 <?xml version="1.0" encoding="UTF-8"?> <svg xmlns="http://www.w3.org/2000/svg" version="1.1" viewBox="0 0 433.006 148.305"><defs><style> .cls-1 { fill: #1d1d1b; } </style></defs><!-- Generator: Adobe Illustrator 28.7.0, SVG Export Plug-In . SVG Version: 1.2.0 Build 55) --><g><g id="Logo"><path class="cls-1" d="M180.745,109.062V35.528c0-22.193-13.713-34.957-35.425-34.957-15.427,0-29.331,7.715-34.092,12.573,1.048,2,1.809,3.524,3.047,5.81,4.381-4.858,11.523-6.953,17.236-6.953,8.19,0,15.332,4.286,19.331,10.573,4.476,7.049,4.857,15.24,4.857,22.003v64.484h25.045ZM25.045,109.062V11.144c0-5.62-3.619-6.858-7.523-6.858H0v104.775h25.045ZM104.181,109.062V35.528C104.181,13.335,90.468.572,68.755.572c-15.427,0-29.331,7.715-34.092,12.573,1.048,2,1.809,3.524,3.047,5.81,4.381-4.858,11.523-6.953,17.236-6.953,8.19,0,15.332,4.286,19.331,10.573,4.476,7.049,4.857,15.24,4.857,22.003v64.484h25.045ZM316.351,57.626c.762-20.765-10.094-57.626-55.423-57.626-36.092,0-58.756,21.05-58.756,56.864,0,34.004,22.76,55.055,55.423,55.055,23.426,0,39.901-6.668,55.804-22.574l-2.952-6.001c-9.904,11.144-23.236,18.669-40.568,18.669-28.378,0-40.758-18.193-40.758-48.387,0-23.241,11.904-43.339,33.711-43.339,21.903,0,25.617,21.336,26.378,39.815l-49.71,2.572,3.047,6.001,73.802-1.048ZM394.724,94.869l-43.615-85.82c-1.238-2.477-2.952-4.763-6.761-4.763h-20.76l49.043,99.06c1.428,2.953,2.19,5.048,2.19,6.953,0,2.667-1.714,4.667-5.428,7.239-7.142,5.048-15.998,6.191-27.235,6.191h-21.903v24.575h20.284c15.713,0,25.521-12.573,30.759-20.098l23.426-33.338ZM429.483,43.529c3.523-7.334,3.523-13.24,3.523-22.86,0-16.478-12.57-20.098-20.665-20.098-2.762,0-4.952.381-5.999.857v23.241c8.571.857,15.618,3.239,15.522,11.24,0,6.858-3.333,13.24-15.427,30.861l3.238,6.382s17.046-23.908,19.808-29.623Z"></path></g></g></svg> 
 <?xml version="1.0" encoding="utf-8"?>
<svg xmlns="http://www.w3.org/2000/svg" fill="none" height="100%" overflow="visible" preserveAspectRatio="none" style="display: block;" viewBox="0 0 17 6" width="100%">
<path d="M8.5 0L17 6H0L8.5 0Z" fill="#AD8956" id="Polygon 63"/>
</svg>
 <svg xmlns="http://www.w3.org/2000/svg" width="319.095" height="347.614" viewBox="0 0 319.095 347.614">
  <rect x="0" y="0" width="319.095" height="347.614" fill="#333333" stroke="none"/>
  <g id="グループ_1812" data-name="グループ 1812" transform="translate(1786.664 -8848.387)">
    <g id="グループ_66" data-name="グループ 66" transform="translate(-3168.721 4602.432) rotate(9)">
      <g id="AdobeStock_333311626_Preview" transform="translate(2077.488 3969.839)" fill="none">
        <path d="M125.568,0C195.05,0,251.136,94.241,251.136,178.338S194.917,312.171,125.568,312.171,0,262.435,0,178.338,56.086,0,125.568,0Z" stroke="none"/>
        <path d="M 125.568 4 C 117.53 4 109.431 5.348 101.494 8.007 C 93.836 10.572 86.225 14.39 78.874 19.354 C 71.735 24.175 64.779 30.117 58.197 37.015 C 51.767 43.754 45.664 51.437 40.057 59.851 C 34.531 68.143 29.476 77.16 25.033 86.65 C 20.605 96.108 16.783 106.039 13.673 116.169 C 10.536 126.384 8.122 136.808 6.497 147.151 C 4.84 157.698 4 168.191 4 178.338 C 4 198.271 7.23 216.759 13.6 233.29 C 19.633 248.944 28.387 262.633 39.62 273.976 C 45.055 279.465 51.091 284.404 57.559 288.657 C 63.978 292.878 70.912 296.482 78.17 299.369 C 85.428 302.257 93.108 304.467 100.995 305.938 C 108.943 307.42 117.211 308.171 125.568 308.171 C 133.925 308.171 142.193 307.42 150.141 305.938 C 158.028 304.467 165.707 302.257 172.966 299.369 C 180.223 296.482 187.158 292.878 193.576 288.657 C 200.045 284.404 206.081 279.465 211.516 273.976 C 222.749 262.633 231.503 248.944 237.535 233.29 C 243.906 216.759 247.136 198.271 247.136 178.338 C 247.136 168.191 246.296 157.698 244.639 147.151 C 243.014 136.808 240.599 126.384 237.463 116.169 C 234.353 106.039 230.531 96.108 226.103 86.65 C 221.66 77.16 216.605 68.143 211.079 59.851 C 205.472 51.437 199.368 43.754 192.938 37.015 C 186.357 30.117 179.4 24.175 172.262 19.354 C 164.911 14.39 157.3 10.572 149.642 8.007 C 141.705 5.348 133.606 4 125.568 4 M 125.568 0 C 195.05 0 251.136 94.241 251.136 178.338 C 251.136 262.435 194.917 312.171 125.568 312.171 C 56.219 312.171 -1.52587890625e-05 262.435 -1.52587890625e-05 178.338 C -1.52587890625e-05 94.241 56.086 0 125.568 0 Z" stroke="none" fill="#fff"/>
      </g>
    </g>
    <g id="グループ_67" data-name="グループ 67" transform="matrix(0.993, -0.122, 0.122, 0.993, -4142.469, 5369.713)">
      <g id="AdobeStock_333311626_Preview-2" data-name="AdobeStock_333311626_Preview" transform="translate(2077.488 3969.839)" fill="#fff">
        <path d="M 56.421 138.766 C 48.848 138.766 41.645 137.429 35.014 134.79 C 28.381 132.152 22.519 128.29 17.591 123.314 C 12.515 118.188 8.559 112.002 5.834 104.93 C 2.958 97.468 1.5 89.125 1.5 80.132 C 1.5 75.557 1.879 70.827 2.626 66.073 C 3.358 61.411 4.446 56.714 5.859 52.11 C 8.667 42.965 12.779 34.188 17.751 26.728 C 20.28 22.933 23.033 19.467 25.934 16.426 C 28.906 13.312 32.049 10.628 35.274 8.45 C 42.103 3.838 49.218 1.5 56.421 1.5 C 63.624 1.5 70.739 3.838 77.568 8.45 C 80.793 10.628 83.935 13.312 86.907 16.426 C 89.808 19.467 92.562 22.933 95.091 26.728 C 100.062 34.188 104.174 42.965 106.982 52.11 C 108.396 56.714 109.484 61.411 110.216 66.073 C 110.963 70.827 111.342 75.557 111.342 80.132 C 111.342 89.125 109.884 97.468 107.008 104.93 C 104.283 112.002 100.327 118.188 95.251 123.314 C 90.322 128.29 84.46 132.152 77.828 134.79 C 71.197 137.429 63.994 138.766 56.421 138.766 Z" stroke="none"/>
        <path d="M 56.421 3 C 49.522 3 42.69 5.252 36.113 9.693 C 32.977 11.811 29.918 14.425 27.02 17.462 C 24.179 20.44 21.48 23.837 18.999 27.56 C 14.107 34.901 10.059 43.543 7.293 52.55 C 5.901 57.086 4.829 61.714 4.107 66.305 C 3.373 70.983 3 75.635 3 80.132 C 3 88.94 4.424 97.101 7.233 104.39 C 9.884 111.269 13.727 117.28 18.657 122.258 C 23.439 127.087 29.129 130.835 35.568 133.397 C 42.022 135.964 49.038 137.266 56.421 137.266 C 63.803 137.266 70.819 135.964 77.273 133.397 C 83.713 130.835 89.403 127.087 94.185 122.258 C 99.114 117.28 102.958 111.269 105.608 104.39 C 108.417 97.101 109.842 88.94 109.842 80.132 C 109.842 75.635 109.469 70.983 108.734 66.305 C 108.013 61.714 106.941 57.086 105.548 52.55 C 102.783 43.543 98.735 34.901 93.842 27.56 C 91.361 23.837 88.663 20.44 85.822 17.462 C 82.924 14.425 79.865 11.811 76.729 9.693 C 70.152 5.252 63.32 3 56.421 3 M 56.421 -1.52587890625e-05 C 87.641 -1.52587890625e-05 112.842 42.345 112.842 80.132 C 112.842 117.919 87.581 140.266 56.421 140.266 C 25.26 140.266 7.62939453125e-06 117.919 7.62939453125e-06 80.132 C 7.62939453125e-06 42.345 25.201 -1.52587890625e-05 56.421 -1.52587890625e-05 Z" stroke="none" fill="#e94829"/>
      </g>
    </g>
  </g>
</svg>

-*-*-

Determine how many lines of the entries hold "data", and reply with that number only.

Written solution: 4